** Record excerpts follows **

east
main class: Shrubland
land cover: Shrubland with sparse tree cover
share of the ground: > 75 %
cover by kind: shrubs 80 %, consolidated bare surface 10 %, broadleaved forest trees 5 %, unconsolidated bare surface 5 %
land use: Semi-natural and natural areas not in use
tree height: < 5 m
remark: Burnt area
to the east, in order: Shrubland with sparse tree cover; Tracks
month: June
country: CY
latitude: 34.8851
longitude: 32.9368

** End of Record excerpts **
** Record excerpts follows **

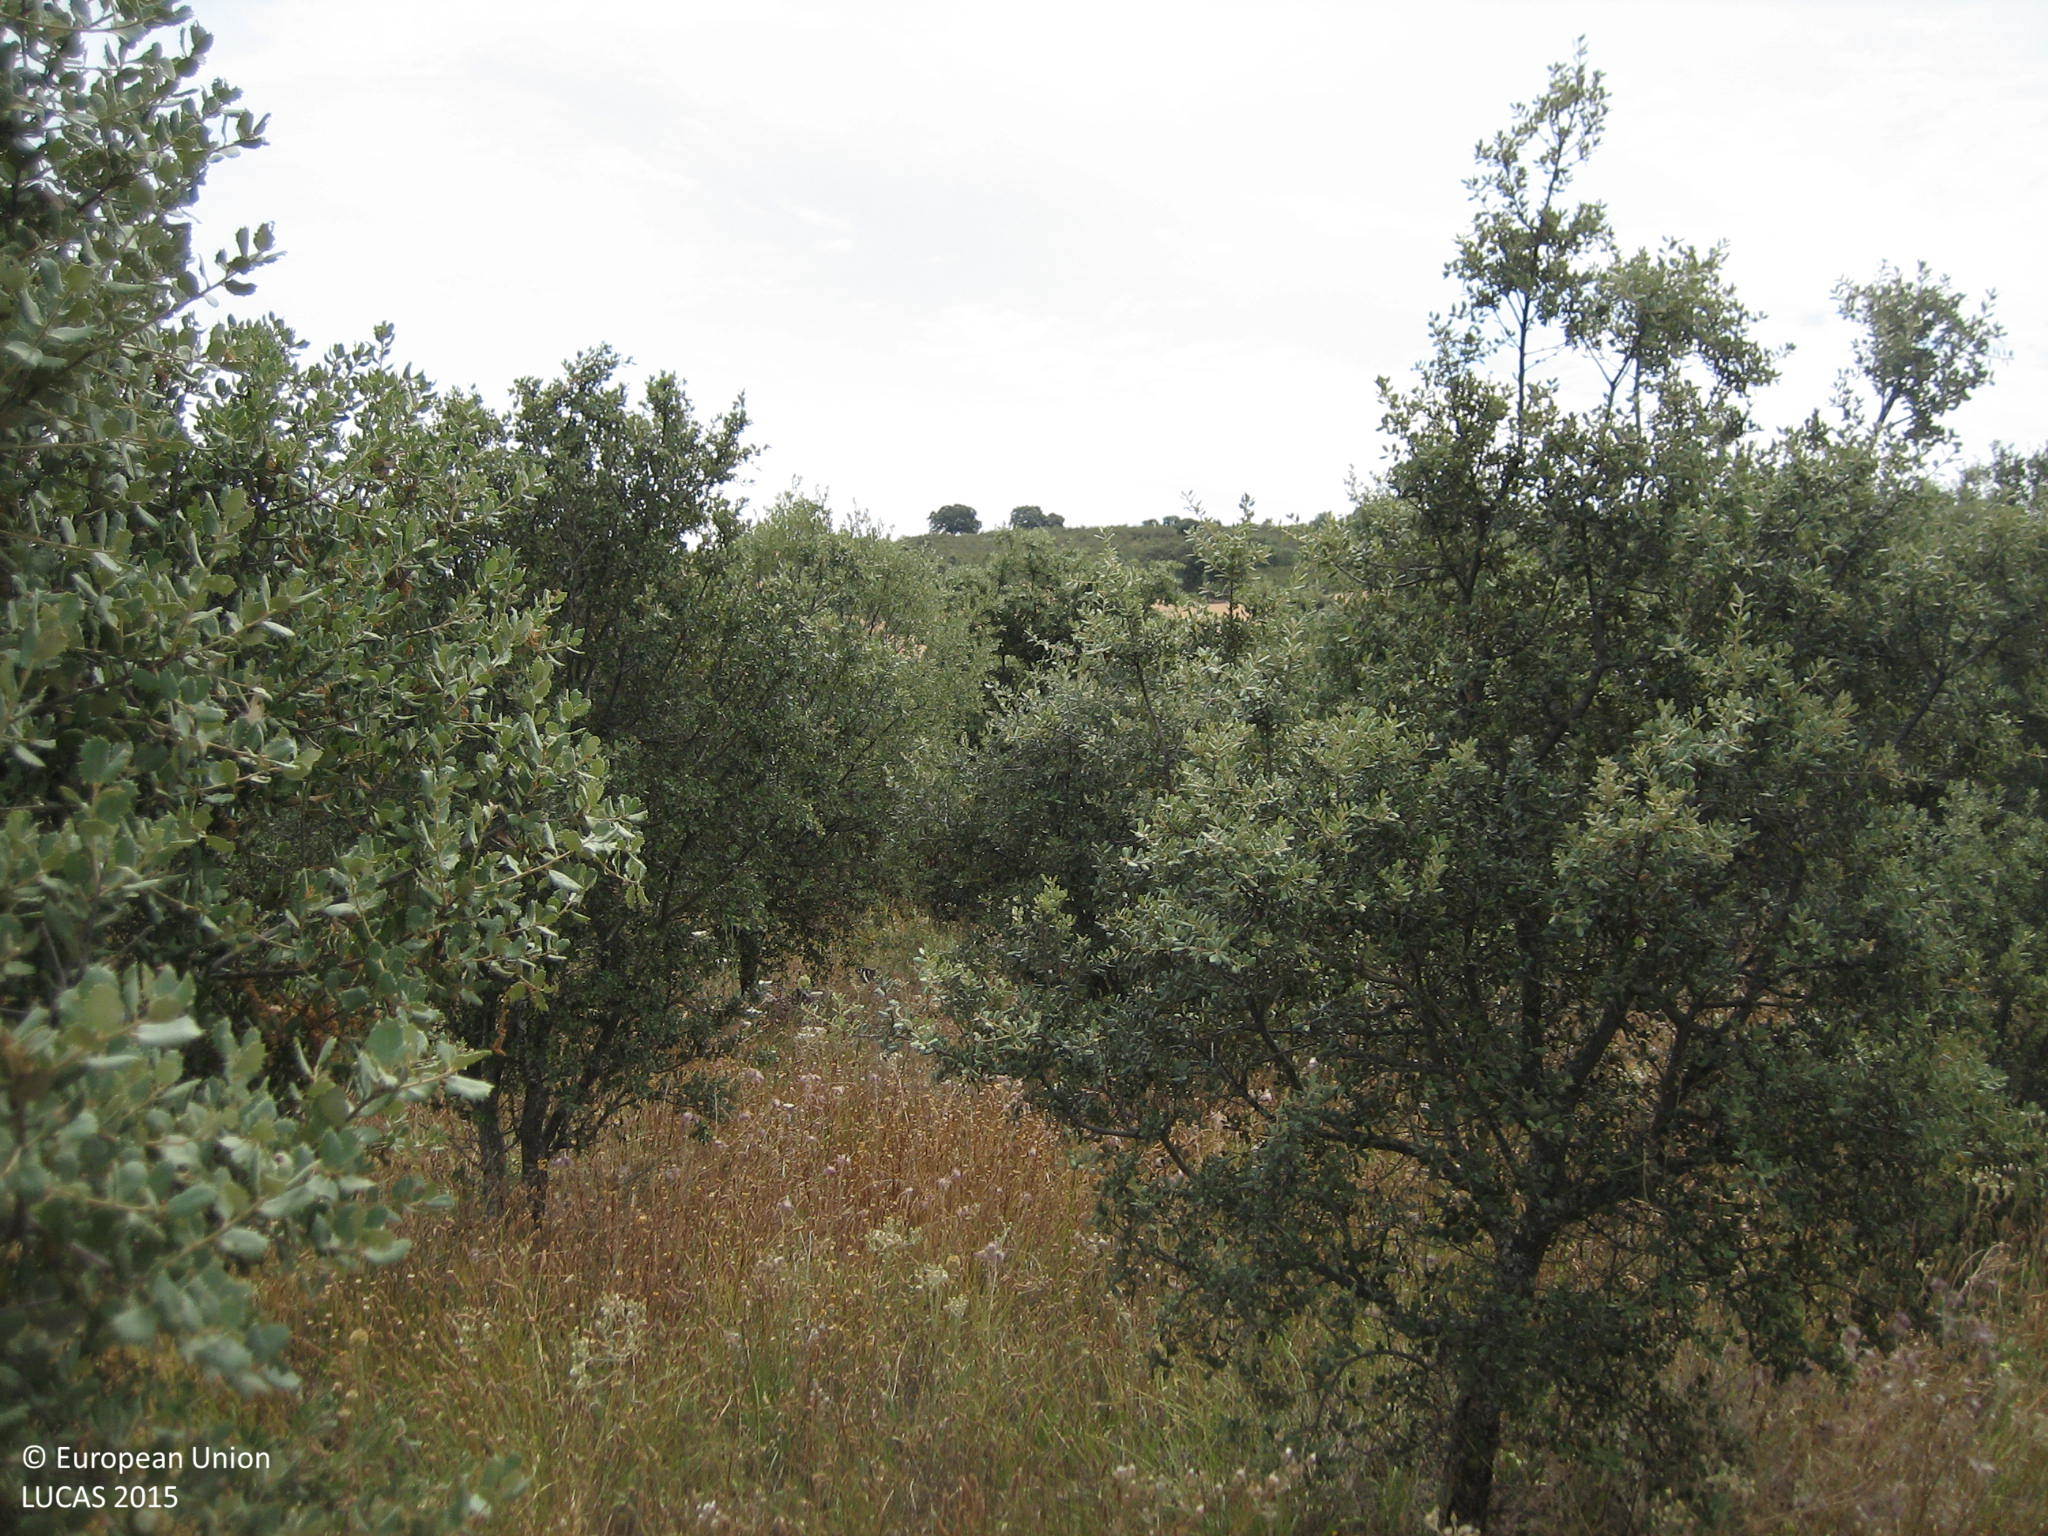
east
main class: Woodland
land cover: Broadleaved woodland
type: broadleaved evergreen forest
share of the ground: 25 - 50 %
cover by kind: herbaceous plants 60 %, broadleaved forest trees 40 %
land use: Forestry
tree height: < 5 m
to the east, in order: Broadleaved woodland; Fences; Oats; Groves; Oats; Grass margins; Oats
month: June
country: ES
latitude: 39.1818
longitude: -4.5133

** End of Record excerpts **
** Record excerpts follows **

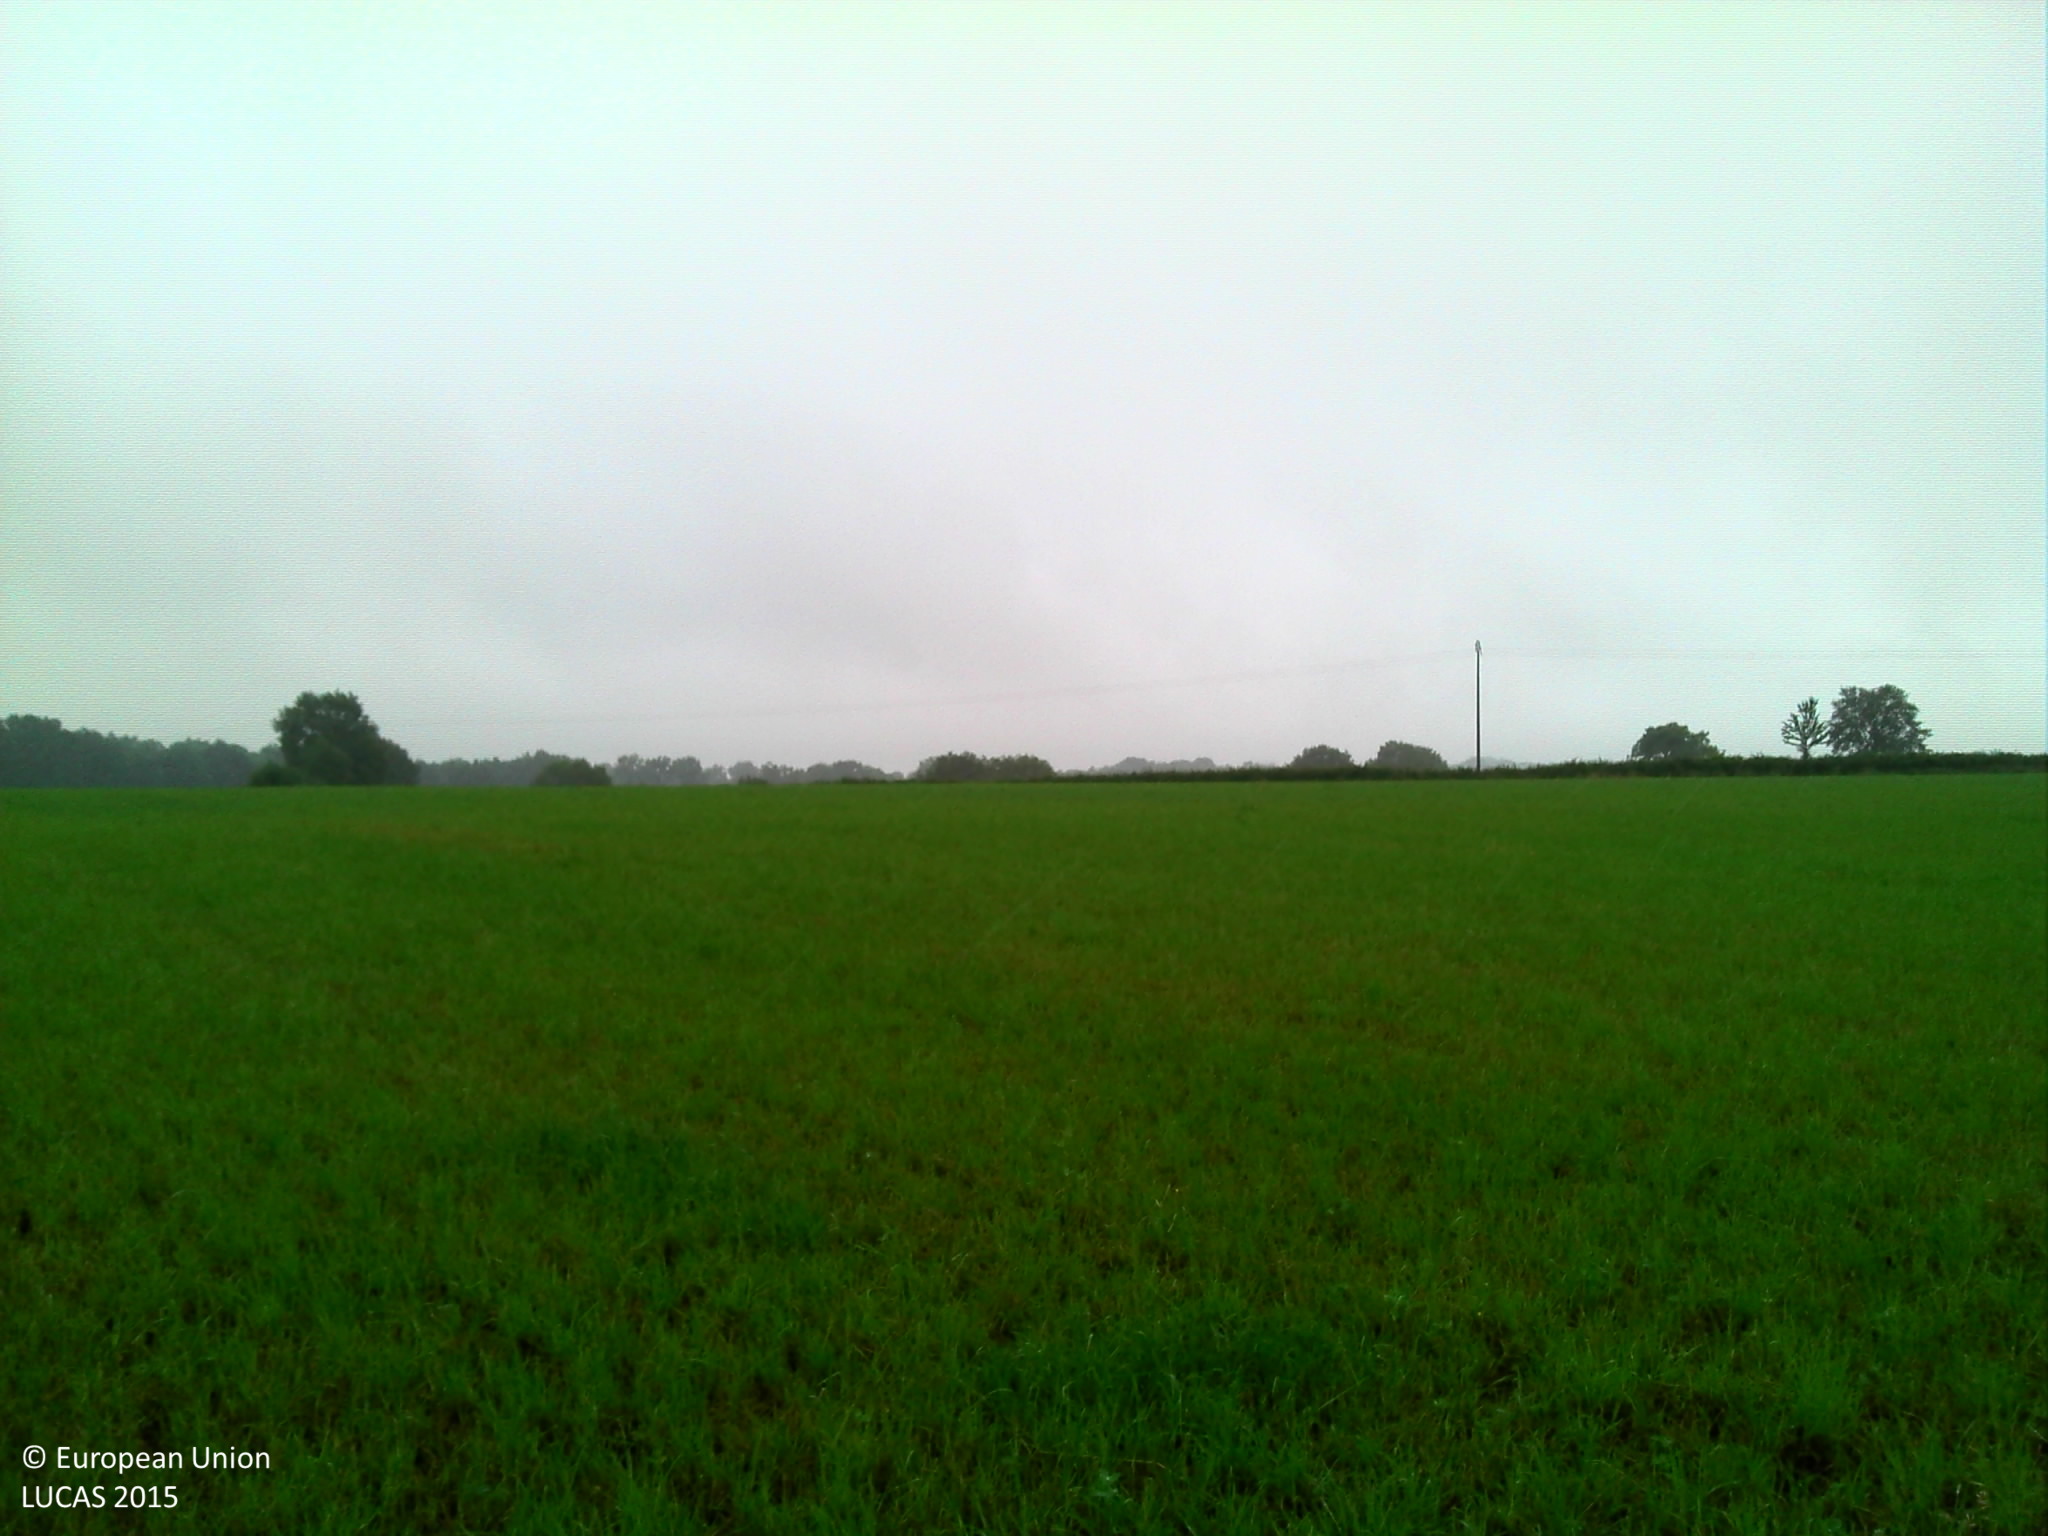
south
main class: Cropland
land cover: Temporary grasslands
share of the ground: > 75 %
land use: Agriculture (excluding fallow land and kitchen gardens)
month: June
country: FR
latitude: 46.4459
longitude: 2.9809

** End of Record excerpts **

# Problem description:
Please copy, exactly as written, every line in the listing above from the line with "land use: Forestry" up to and including the line with "longitude: -4.5133".

# Task result:
land use: Forestry
tree height: < 5 m
to the east, in order: Broadleaved woodland; Fences; Oats; Groves; Oats; Grass margins; Oats
month: June
country: ES
latitude: 39.1818
longitude: -4.5133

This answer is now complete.